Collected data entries
....
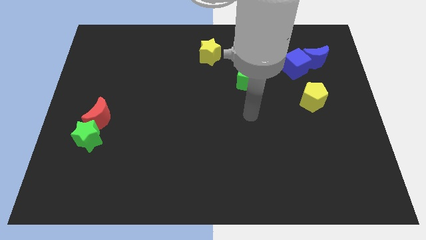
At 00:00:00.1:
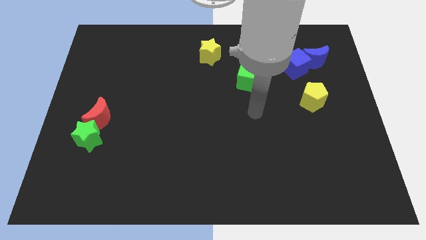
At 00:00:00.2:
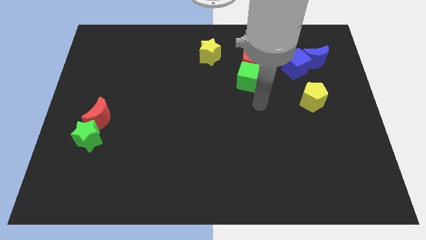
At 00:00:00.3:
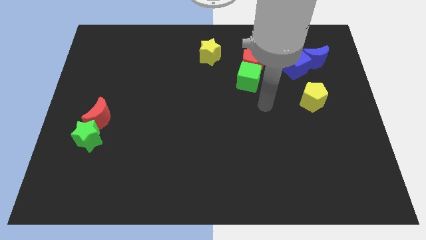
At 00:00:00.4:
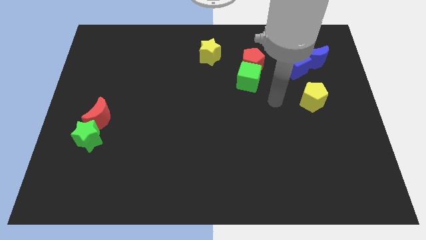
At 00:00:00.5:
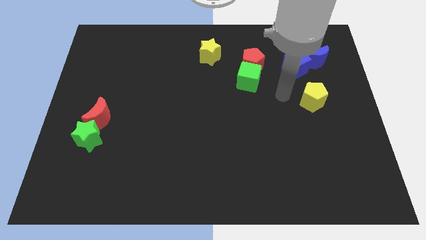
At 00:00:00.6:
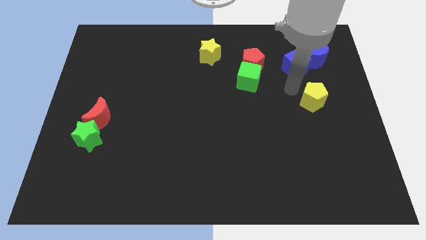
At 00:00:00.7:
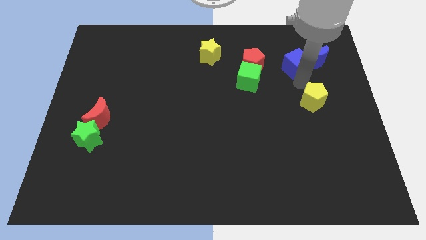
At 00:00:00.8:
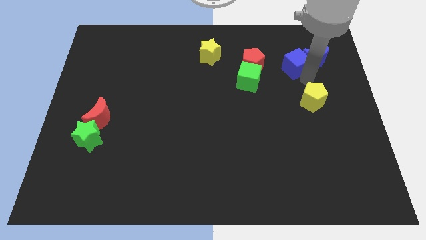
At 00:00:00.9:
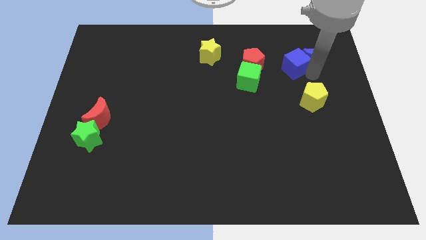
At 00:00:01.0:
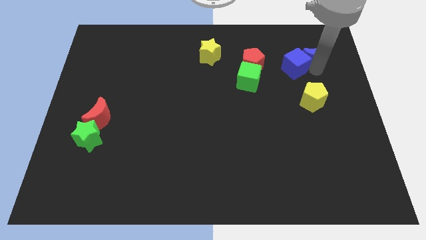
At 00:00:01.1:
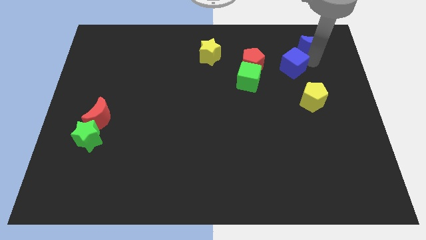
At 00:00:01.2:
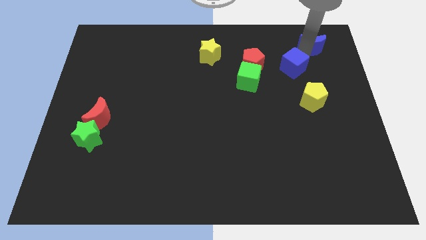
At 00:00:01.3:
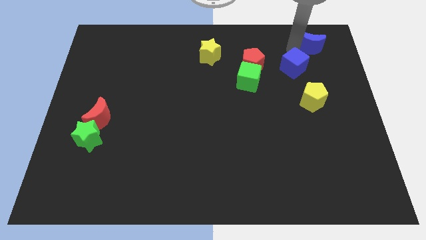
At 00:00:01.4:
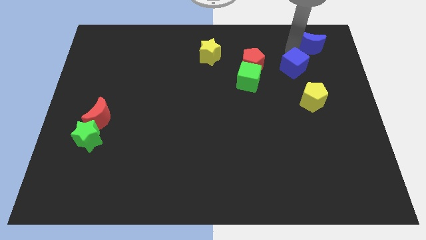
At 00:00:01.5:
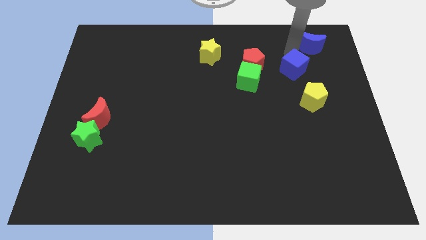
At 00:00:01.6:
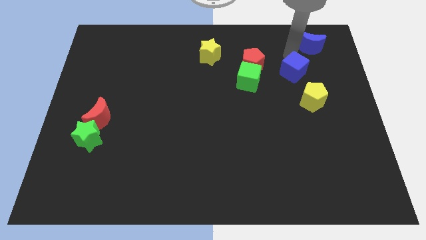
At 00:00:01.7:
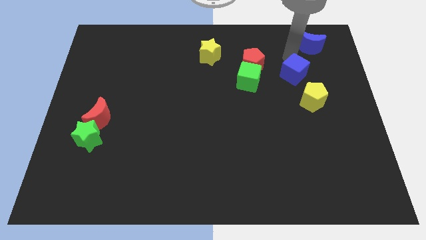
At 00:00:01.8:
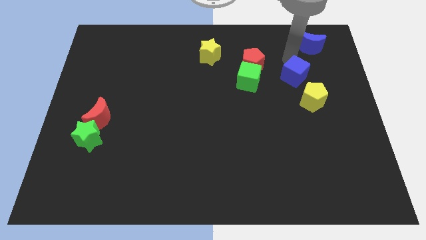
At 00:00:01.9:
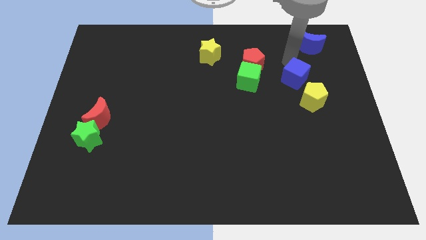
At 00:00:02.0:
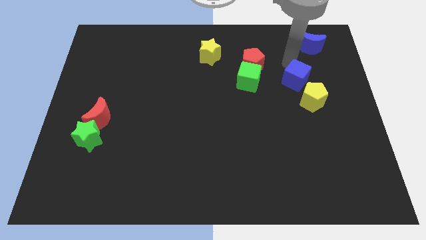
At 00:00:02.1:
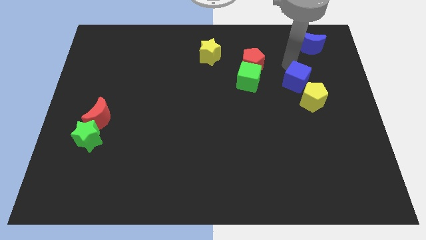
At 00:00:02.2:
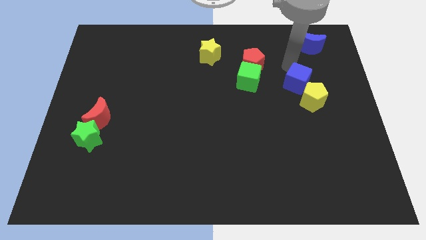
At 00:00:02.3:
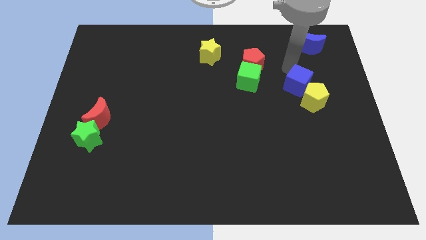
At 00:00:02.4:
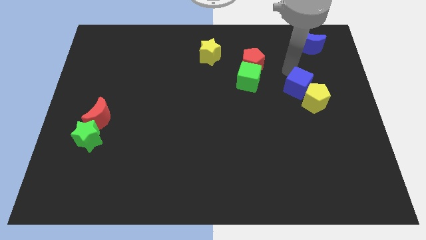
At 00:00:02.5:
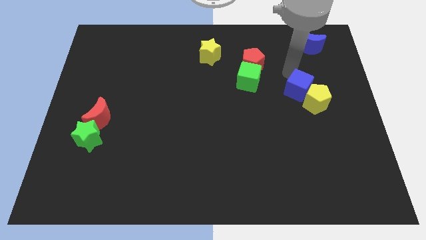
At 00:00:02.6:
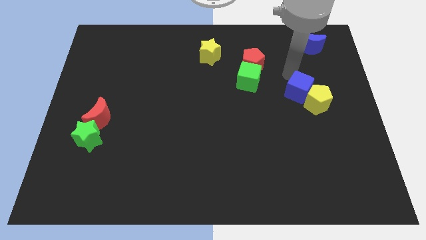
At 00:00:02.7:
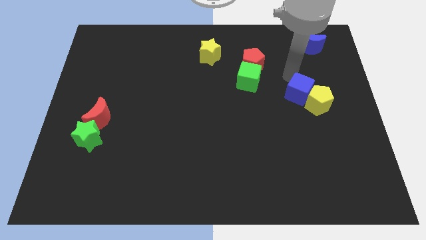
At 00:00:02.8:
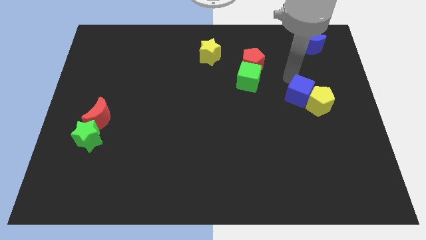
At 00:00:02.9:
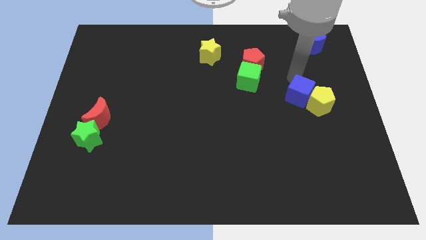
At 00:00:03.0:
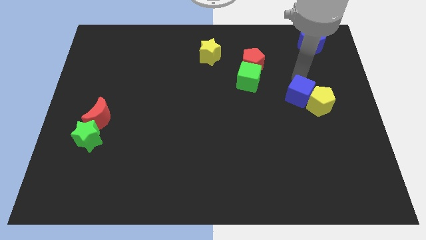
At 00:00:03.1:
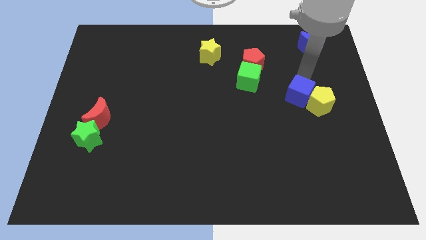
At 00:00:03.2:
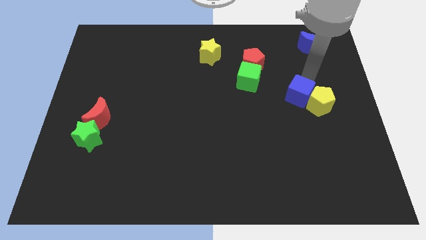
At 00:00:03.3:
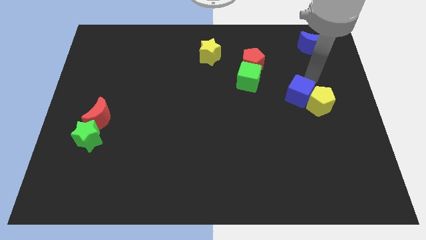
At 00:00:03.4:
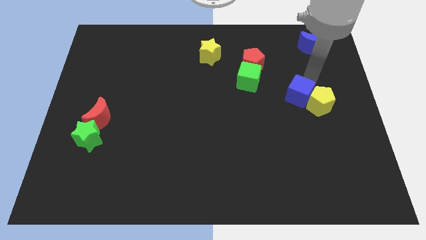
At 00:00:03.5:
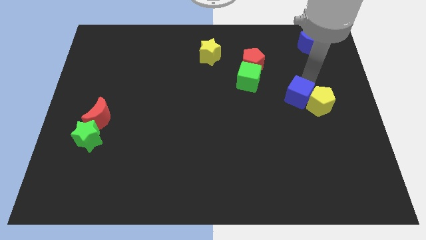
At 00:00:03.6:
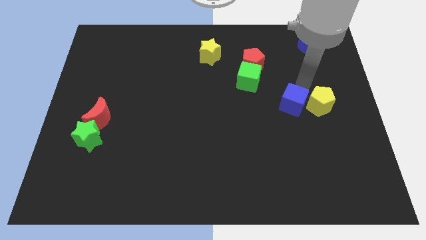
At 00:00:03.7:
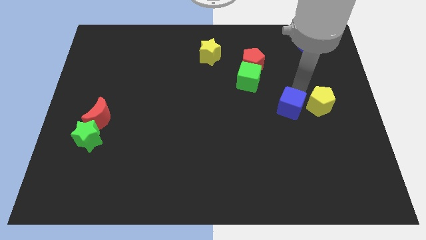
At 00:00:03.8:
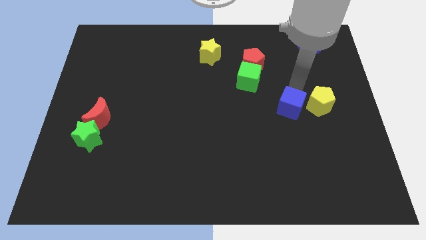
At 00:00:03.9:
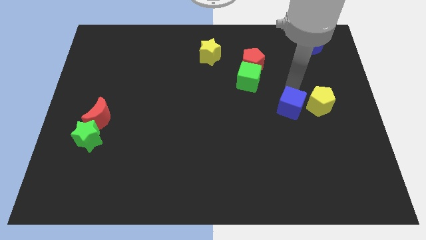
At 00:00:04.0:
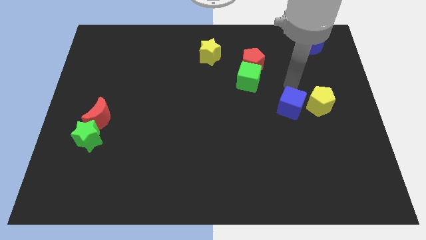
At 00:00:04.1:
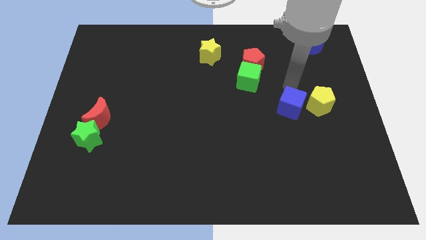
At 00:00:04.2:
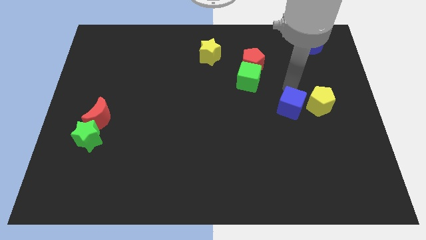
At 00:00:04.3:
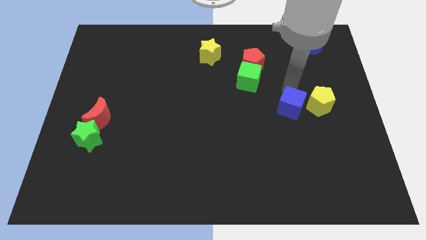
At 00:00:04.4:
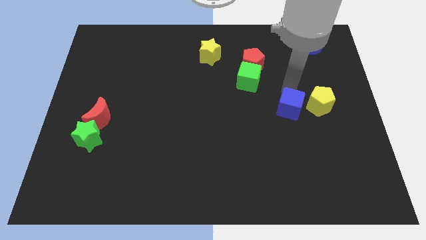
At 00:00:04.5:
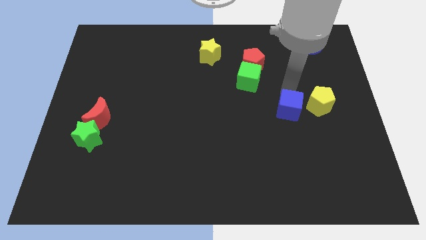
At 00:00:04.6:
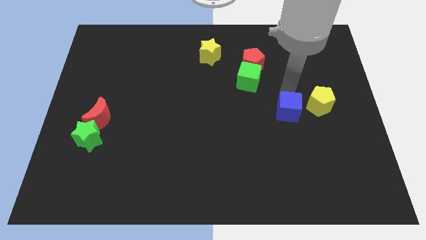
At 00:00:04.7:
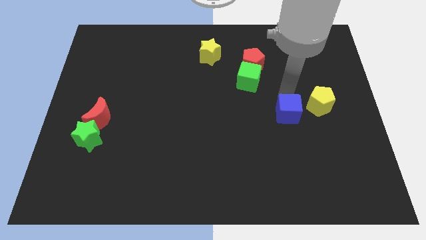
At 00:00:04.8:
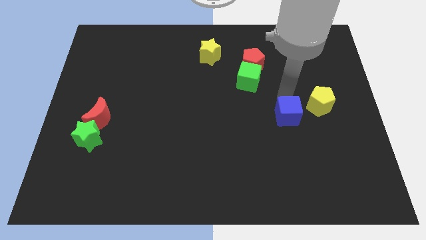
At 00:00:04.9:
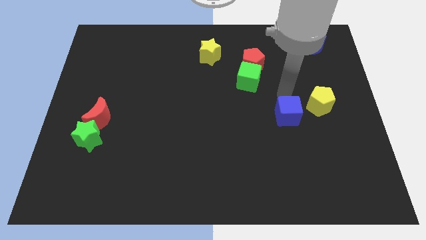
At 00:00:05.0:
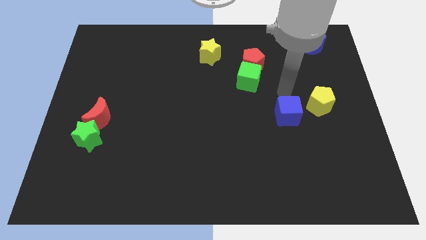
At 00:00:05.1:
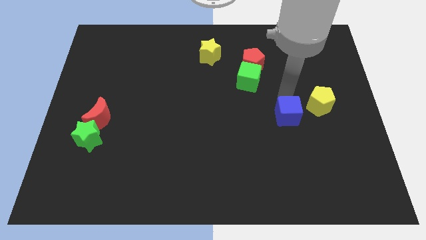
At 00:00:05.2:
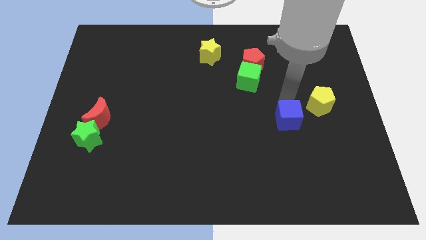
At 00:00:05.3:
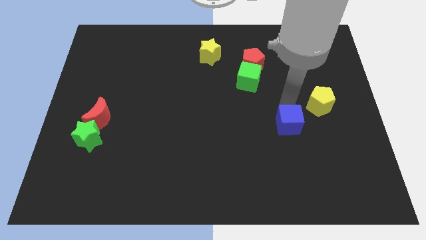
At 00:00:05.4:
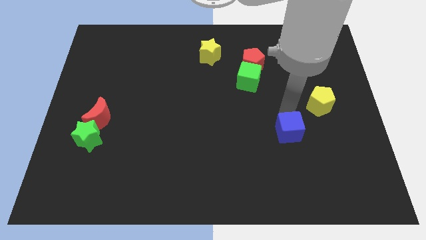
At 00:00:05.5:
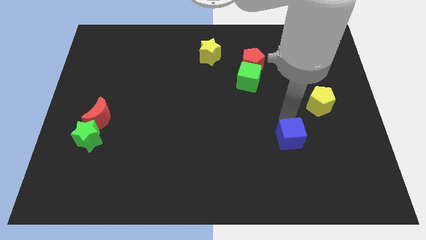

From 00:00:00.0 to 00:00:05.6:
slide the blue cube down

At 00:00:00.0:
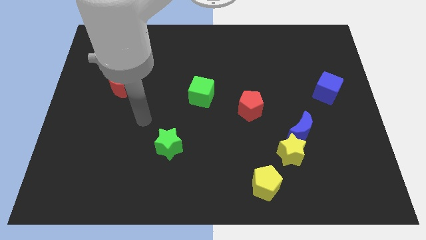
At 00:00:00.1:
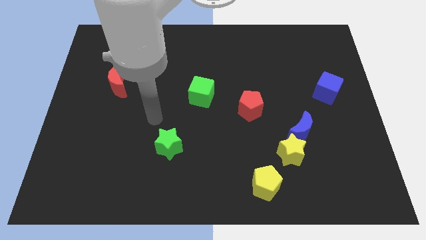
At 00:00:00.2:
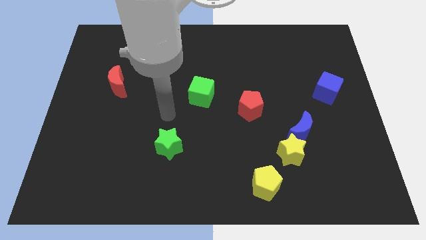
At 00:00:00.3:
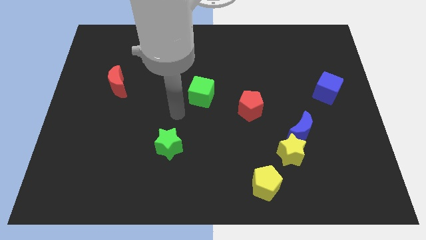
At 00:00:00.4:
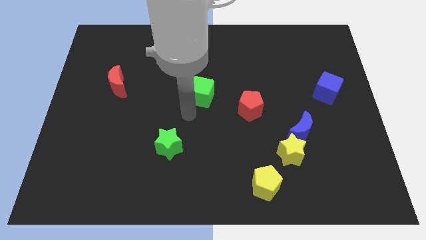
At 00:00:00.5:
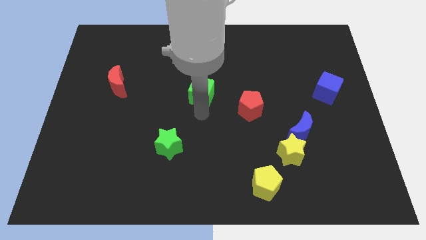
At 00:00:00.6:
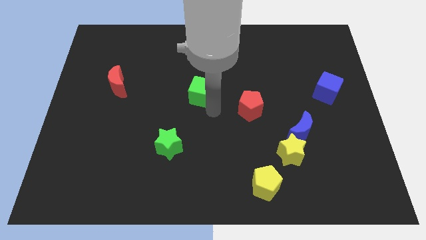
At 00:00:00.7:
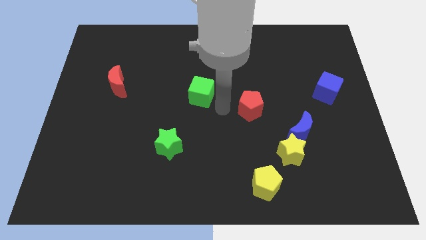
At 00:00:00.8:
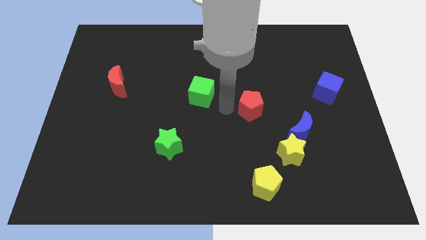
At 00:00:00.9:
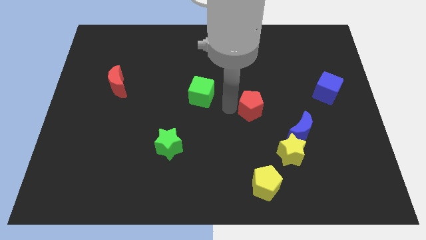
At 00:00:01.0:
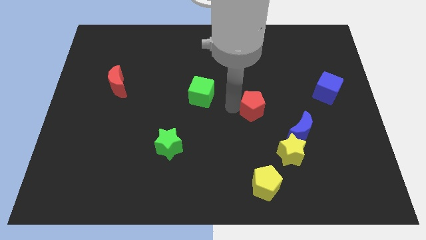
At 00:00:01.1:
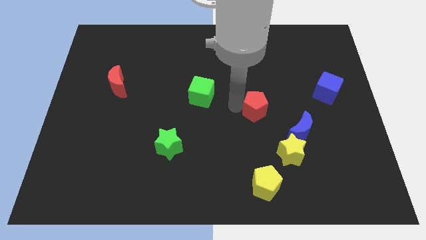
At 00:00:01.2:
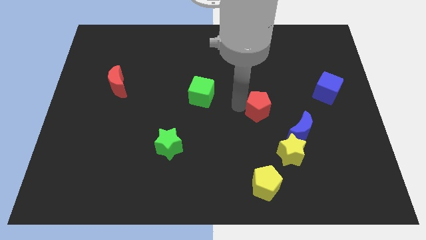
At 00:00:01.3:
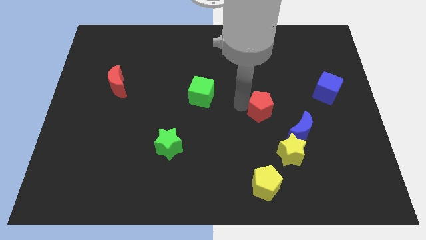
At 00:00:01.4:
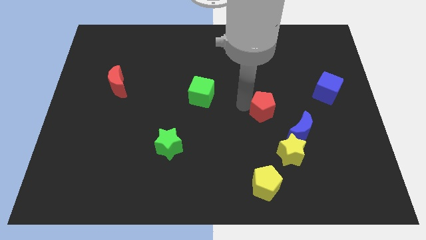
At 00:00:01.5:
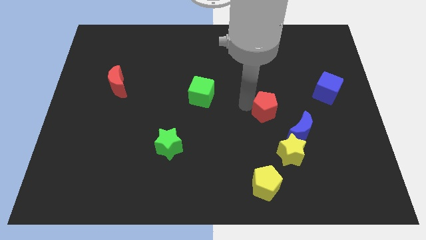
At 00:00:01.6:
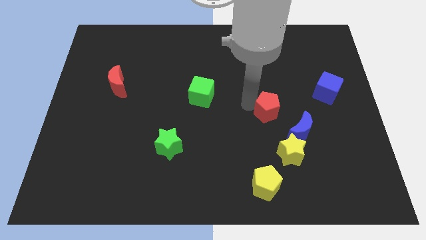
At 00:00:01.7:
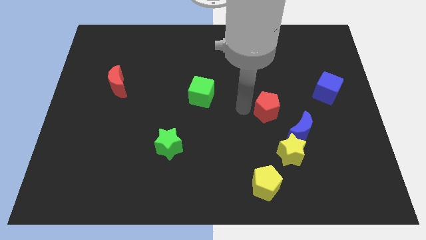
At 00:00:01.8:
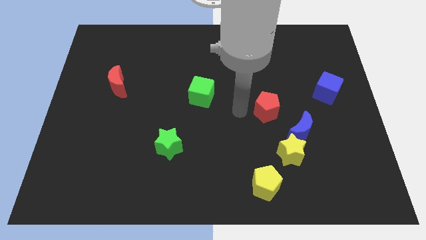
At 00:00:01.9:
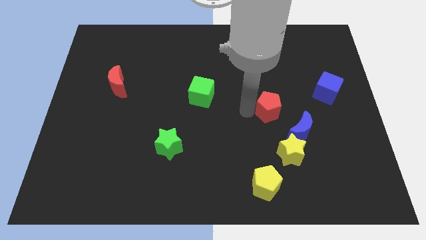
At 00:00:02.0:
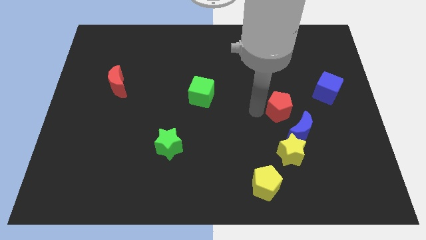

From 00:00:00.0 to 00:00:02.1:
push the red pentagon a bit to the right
....
> _EXERCISE OBJECTIVE_
No pictures belong in the copy. Transcribe every entry exactly.

> _SOLUTION BELOW_
At 00:00:00.1:
At 00:00:00.2:
At 00:00:00.3:
At 00:00:00.4:
At 00:00:00.5:
At 00:00:00.6:
At 00:00:00.7:
At 00:00:00.8:
At 00:00:00.9:
At 00:00:01.0:
At 00:00:01.1:
At 00:00:01.2:
At 00:00:01.3:
At 00:00:01.4:
At 00:00:01.5:
At 00:00:01.6:
At 00:00:01.7:
At 00:00:01.8:
At 00:00:01.9:
At 00:00:02.0:
At 00:00:02.1:
At 00:00:02.2:
At 00:00:02.3:
At 00:00:02.4:
At 00:00:02.5:
At 00:00:02.6:
At 00:00:02.7:
At 00:00:02.8:
At 00:00:02.9:
At 00:00:03.0:
At 00:00:03.1:
At 00:00:03.2:
At 00:00:03.3:
At 00:00:03.4:
At 00:00:03.5:
At 00:00:03.6:
At 00:00:03.7:
At 00:00:03.8:
At 00:00:03.9:
At 00:00:04.0:
At 00:00:04.1:
At 00:00:04.2:
At 00:00:04.3:
At 00:00:04.4:
At 00:00:04.5:
At 00:00:04.6:
At 00:00:04.7:
At 00:00:04.8:
At 00:00:04.9:
At 00:00:05.0:
At 00:00:05.1:
At 00:00:05.2:
At 00:00:05.3:
At 00:00:05.4:
At 00:00:05.5:

From 00:00:00.0 to 00:00:05.6:
slide the blue cube down

At 00:00:00.0:
At 00:00:00.1:
At 00:00:00.2:
At 00:00:00.3:
At 00:00:00.4:
At 00:00:00.5:
At 00:00:00.6:
At 00:00:00.7:
At 00:00:00.8:
At 00:00:00.9:
At 00:00:01.0:
At 00:00:01.1:
At 00:00:01.2:
At 00:00:01.3:
At 00:00:01.4:
At 00:00:01.5:
At 00:00:01.6:
At 00:00:01.7:
At 00:00:01.8:
At 00:00:01.9:
At 00:00:02.0:

From 00:00:00.0 to 00:00:02.1:
push the red pentagon a bit to the right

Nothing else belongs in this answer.